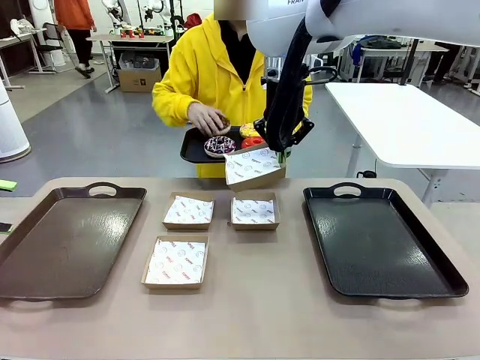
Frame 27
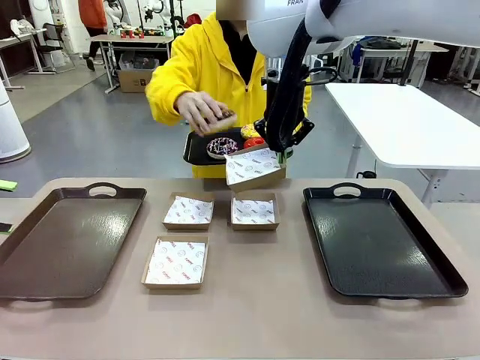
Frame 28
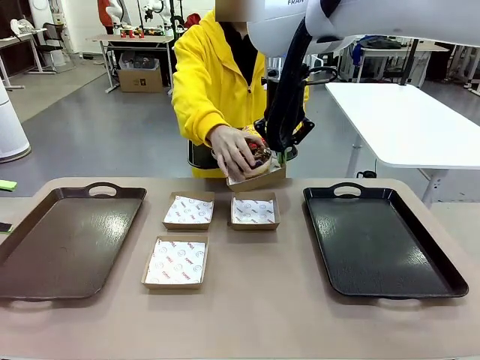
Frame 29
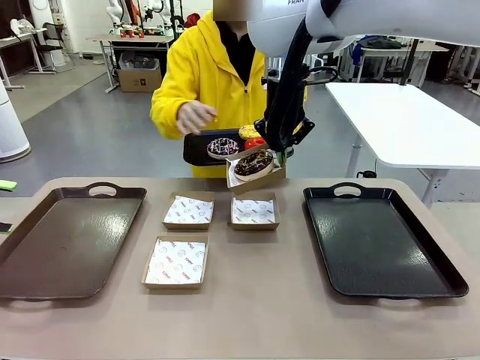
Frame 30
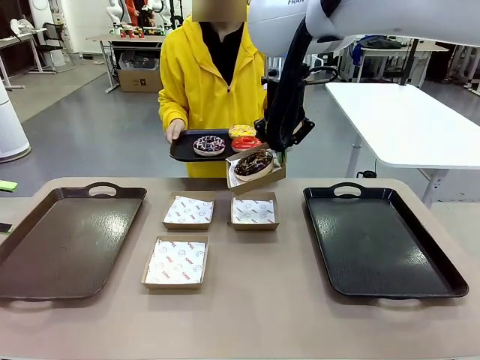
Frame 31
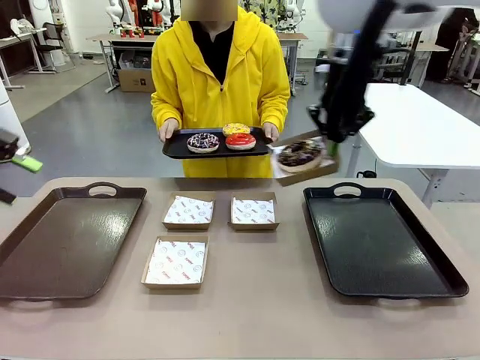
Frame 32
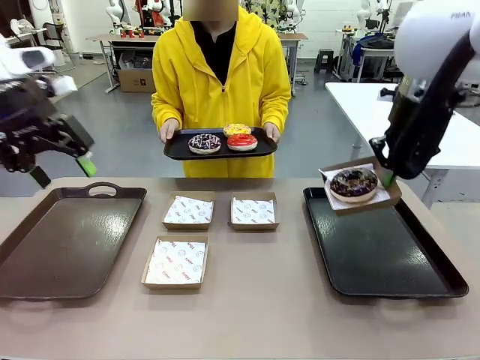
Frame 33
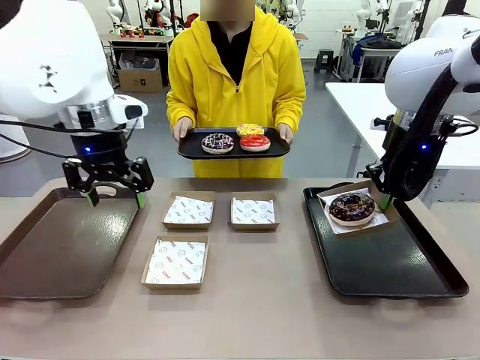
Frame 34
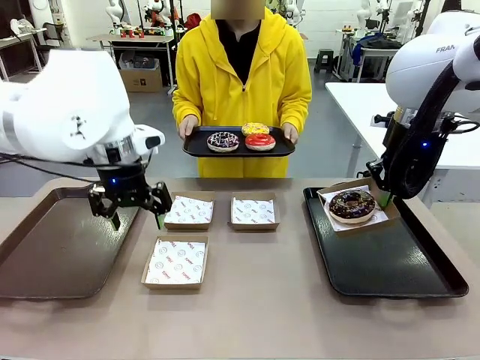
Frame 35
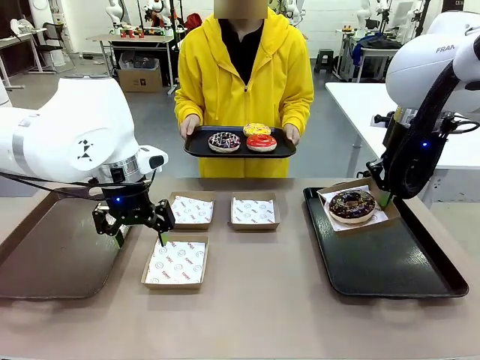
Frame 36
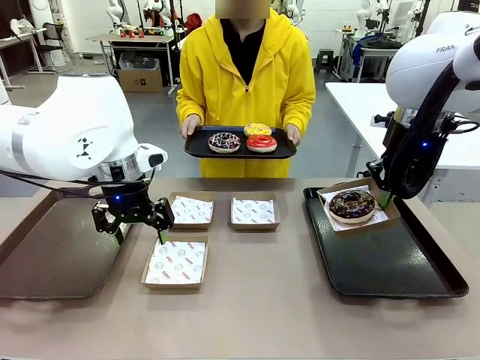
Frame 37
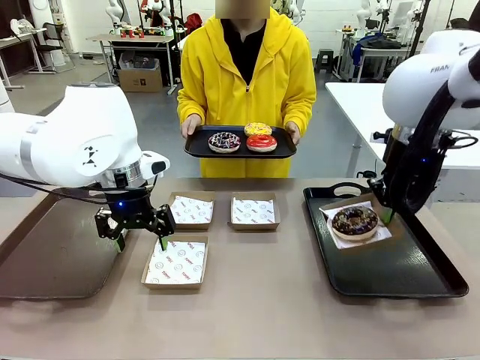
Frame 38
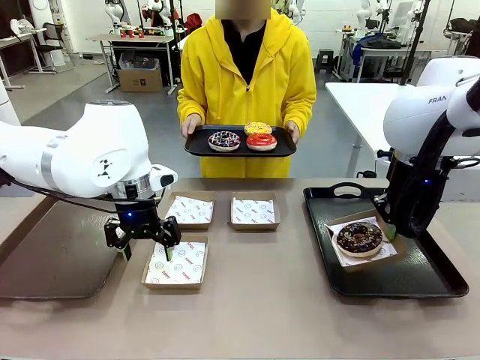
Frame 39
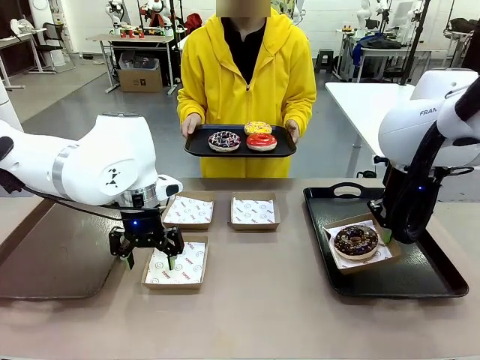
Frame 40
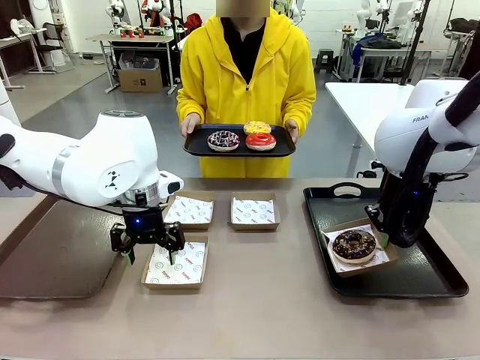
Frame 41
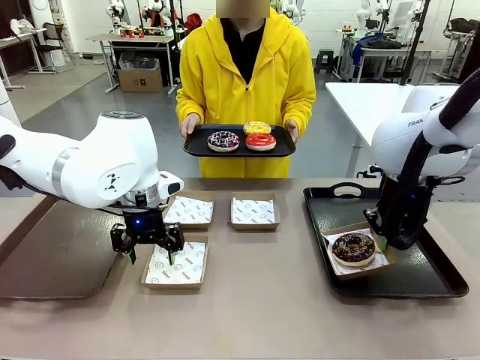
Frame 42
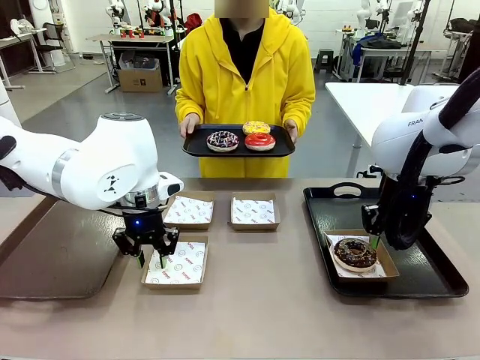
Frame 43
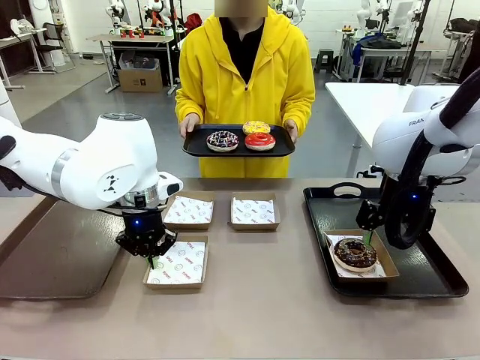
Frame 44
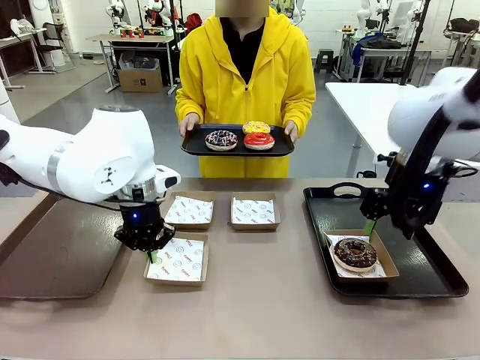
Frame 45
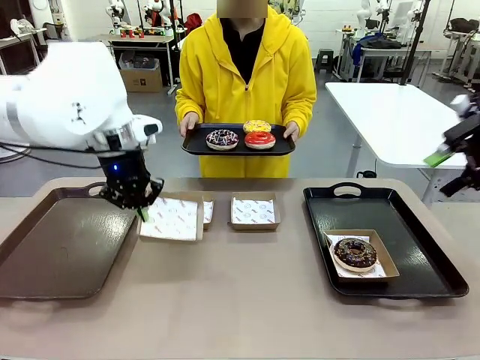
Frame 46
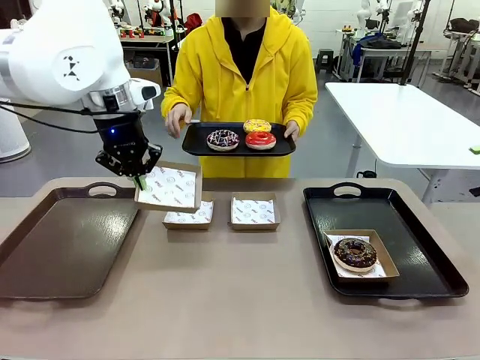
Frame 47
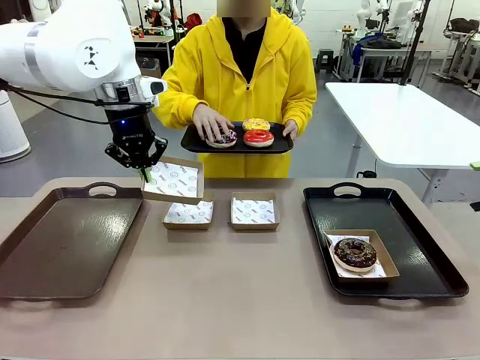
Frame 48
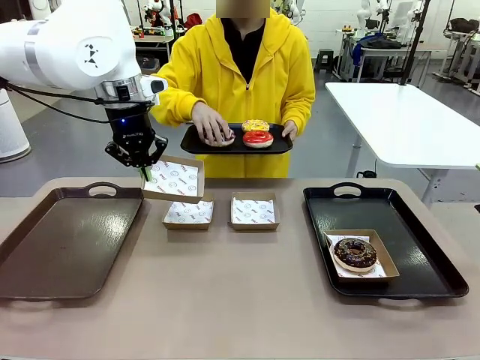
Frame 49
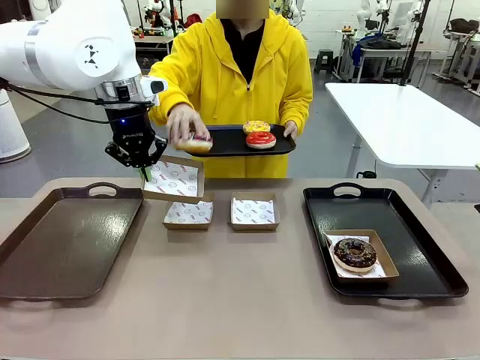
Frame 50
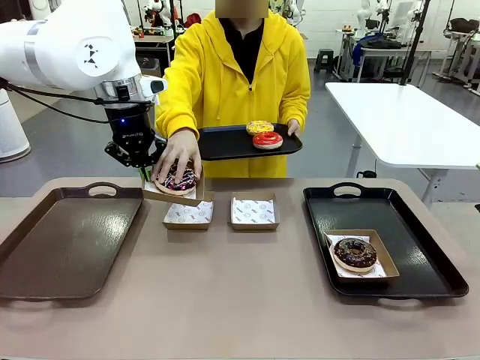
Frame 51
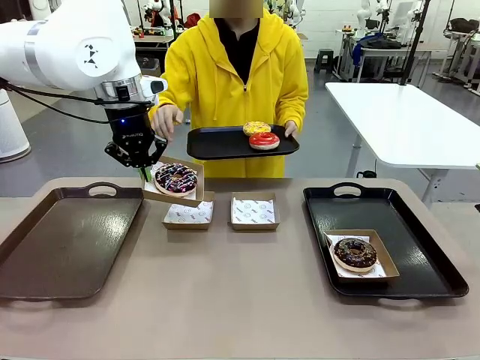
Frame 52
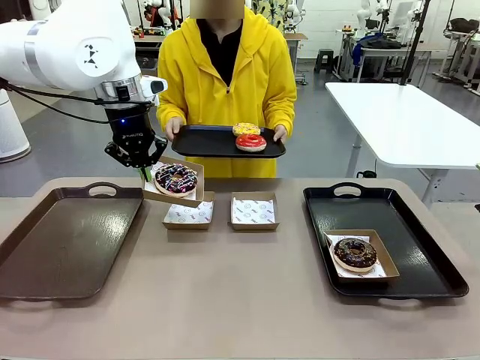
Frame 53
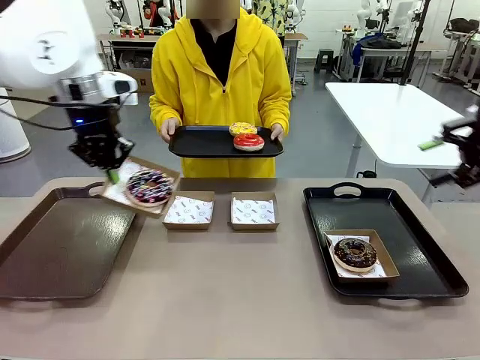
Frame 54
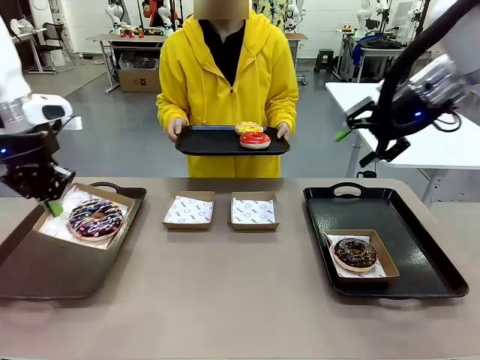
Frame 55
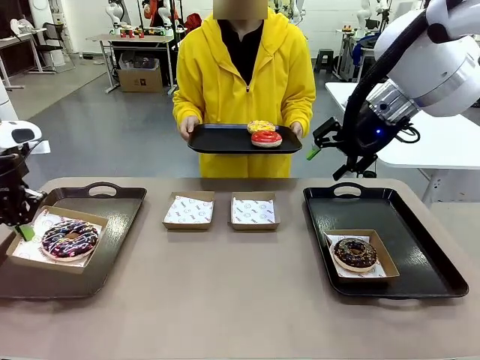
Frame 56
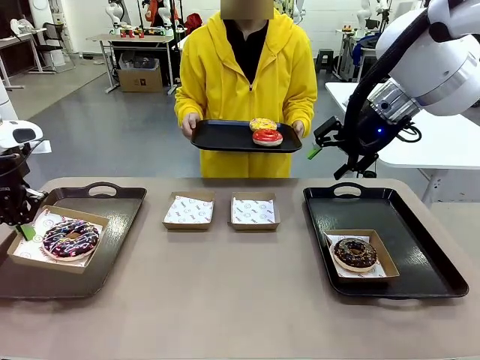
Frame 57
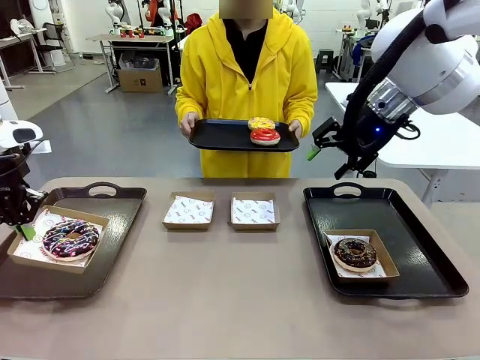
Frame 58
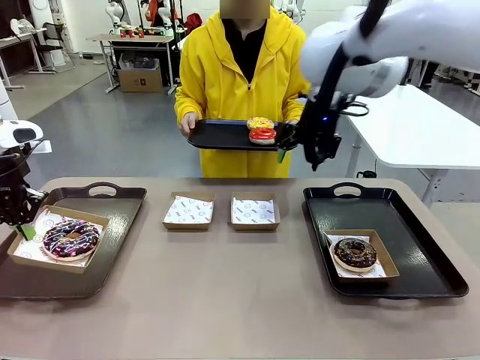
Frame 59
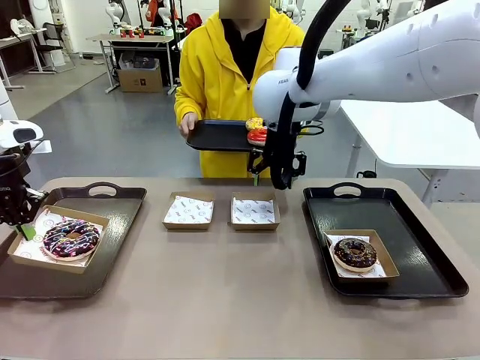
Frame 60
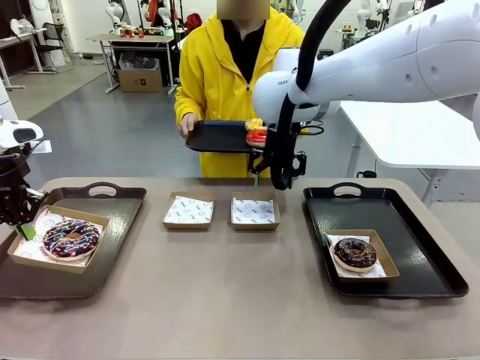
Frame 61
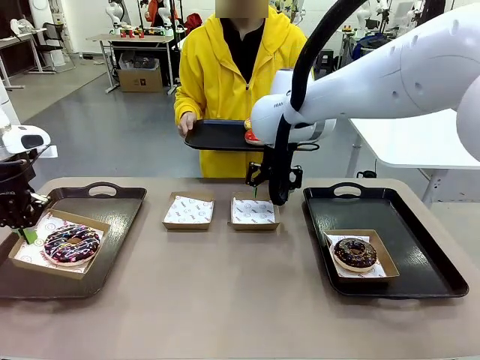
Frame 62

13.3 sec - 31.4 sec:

┄┄┄┄┄┄

▶ [Task statement] Each entry above should be given again exactly, with its pictures omitted.

▶ [Solution]
Frame 27
Frame 28
Frame 29
Frame 30
Frame 31
Frame 32
Frame 33
Frame 34
Frame 35
Frame 36
Frame 37
Frame 38
Frame 39
Frame 40
Frame 41
Frame 42
Frame 43
Frame 44
Frame 45
Frame 46
Frame 47
Frame 48
Frame 49
Frame 50
Frame 51
Frame 52
Frame 53
Frame 54
Frame 55
Frame 56
Frame 57
Frame 58
Frame 59
Frame 60
Frame 61
Frame 62

13.3 sec - 31.4 sec:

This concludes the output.